You can view your current credit balance and usage history in the [Crawlbyte Dashboard](https://dash.crawlbyte.ai/).

## Response

The response contains metadata about the task. For `amtrak` type, the most important fields are `status` and `result`.

```json
{
  "id": "bd3e89ed-815e-4395-98a3-521ede71cc4d",
  "status": "completed",
  "result": {
    // Parsed availability and pricing data
  }
}
```

* `result` is a **JSON object** containing the final scraped train availability and fare data — no further polling is needed.

### Status Types

| Status     | Meaning                                                                       |
| ---------- | ----------------------------------------------------------------------------- |
| queued     | Task was accepted and added to the processing queue.                          |
| processing | Task is currently running.                                                    |
| completed  | Task finished and train data was successfully collected.                      |
| failed     | Task encountered an error (e.g., invalid input, no results, or system issue). |

## Polling

If `status` is `queued` or `processing`, continue polling the task until it's completed or failed.

```
GET https://api.crawlbyte.ai/api/tasks/:id
```

* You’ll receive the same structure with an updated `status`.
* Only poll until you receive `completed` or `failed`.
* Recommended interval: **every 2–4 seconds**.

## SDK Usage

You can run this task using any official **Crawlbyte SDK**:

* [Go SDK](https://github.com/crawlbyte/crawlbyte-sdk-go)
* [TypeScript SDK](https://github.com/crawlbyte/crawlbyte-sdk-ts)
* [Python SDK](https://github.com/crawlbyte/crawlbyte-sdk-py)
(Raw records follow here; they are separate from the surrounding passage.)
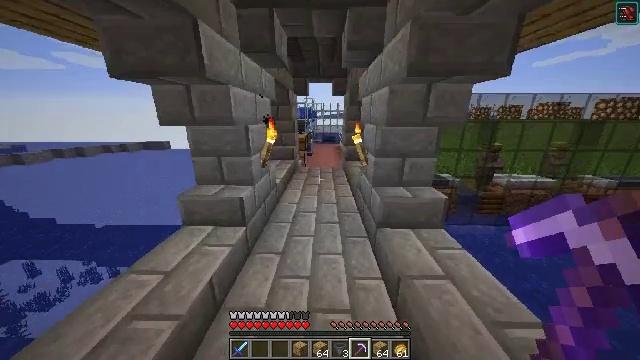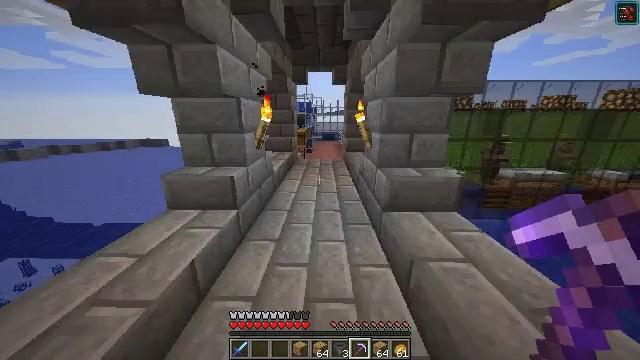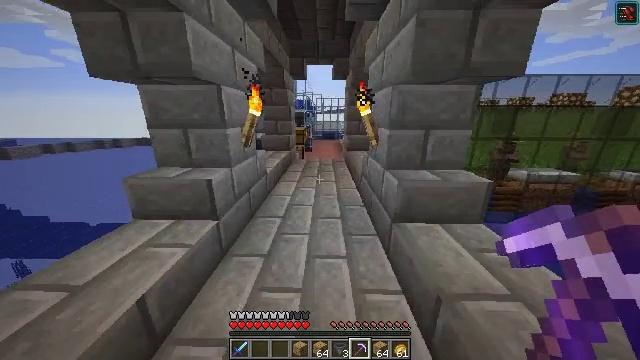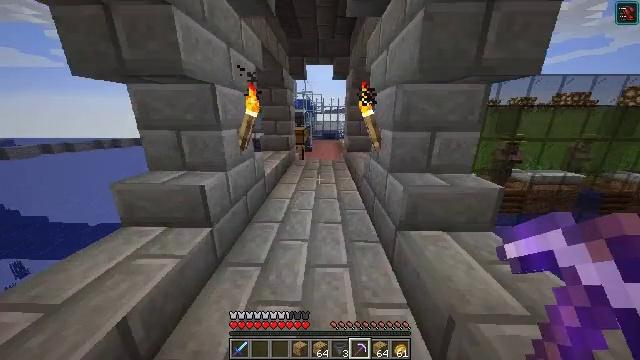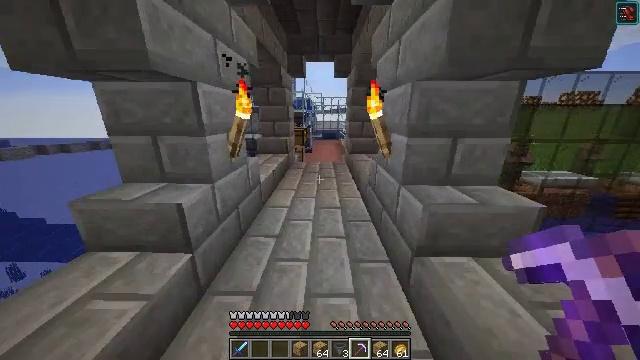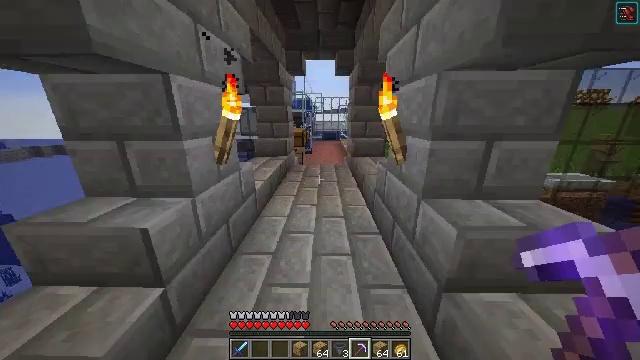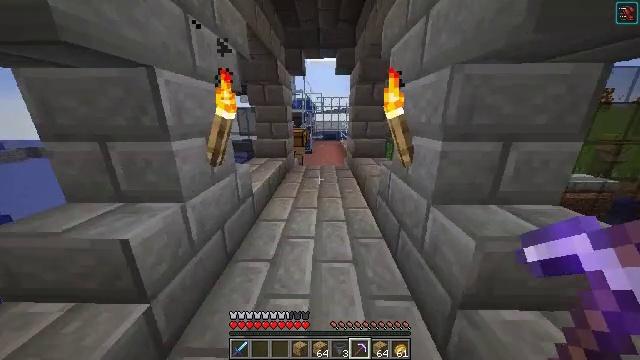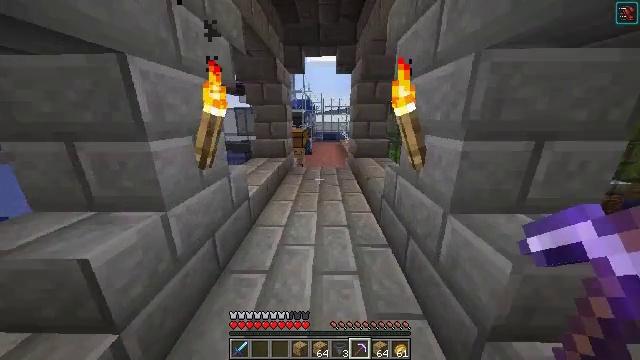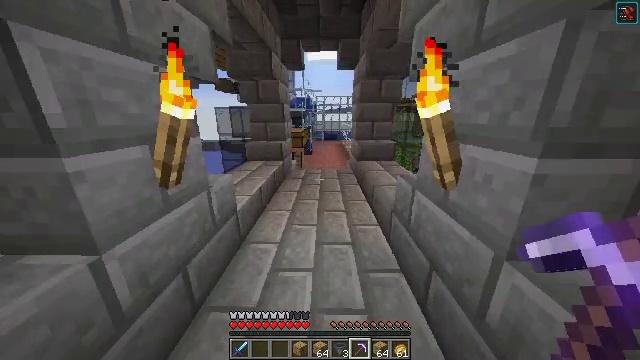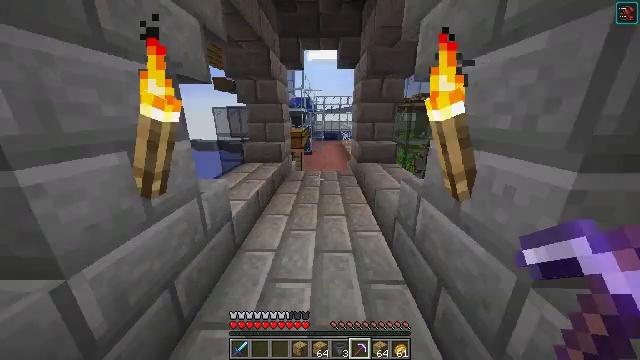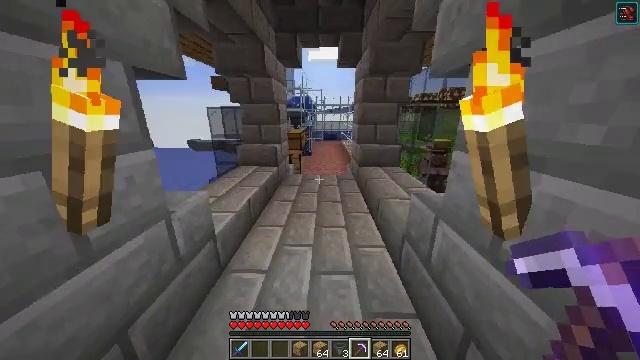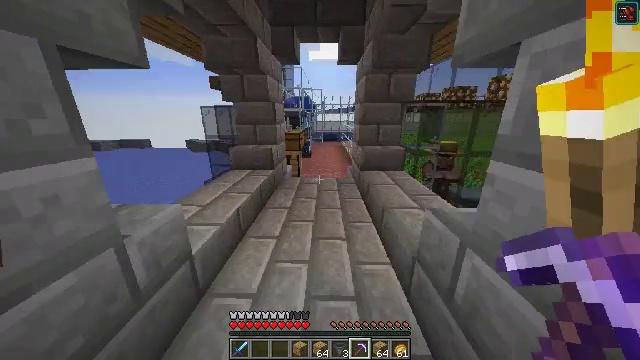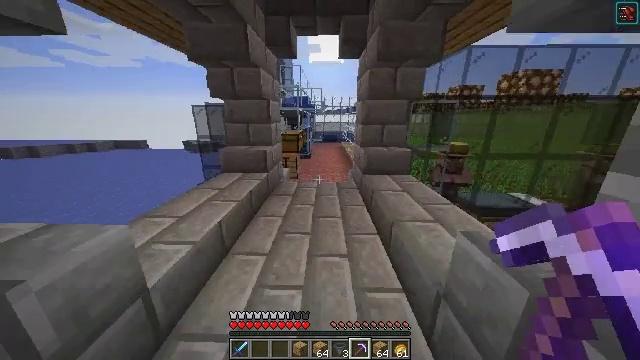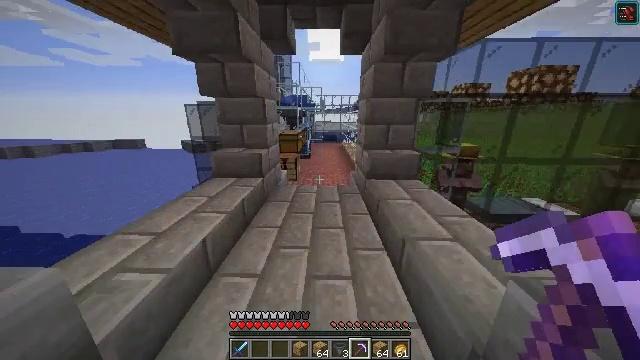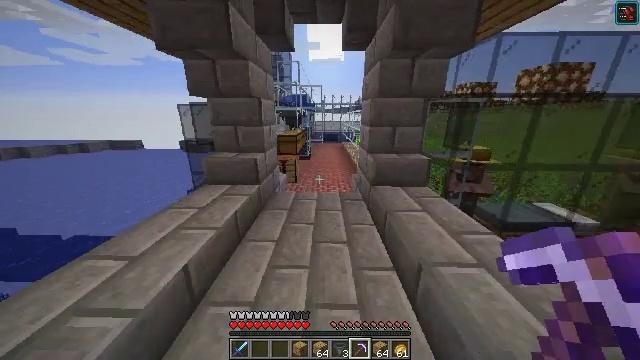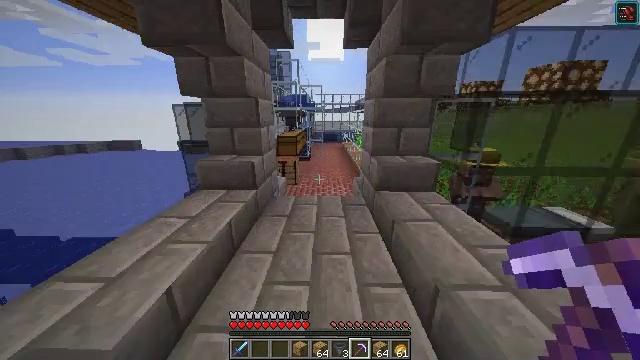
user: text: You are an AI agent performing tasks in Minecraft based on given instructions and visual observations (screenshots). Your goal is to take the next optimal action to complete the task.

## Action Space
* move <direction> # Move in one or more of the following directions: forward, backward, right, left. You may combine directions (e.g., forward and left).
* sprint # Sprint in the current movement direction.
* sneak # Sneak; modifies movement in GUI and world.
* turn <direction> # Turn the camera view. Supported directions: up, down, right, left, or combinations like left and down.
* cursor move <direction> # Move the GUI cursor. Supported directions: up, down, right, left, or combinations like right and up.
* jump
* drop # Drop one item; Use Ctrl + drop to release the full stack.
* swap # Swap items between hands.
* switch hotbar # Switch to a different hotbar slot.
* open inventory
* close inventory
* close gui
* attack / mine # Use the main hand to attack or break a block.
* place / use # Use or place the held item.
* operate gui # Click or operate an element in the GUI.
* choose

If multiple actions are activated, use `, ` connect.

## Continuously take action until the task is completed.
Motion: motion action
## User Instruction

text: Collect the hopper by mining it.
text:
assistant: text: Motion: move forward
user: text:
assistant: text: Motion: move forward
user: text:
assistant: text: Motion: move forward
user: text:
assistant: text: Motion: move forward
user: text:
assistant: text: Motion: move forward
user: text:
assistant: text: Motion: move forward
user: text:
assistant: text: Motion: move forward
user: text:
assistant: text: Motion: move forward
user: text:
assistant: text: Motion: move forward
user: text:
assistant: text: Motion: move forward
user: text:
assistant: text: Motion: move forward
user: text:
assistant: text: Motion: move forward
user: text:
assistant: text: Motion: move forward
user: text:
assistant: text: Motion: move forward
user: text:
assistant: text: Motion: move forward
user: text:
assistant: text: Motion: move forward
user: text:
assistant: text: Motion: move forward
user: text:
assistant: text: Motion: move forward
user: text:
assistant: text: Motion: move forward
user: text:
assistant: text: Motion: move forward
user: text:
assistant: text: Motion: move forward
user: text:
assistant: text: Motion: move forward
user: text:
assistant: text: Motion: move forward
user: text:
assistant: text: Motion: move forward
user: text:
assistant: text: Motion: move forward
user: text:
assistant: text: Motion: move forward
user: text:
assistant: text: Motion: move forward
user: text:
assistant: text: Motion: move forward
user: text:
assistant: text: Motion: move forward
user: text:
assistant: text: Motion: move forward

Each SDK provides a simple way to:

* Create the task
* Poll for status
* Handle the final result

Refer to the [SDKs section](https://developers.crawlbyte.ai/sdks) for installation, examples, and setup instructions.

## Notes

* Only valid input objects with correct station codes and date formats will return results.
* Crawlbyte handles retries, rendering, fingerprinting, and anti-bot logic internally — no need to manage it yourself.
* Use `multithread: true` in advanced settings if running large volumes.
* Ensure all required fields like `origin`, `destination`, `departure`, and `passengers` are properly structured.
* The Amtrak response includes **all relevant train data**, including schedule and fare breakdowns.
* Average task duration is **\~8 seconds**, primarily due to Amtrak’s slower API response — this is expected and fully supported.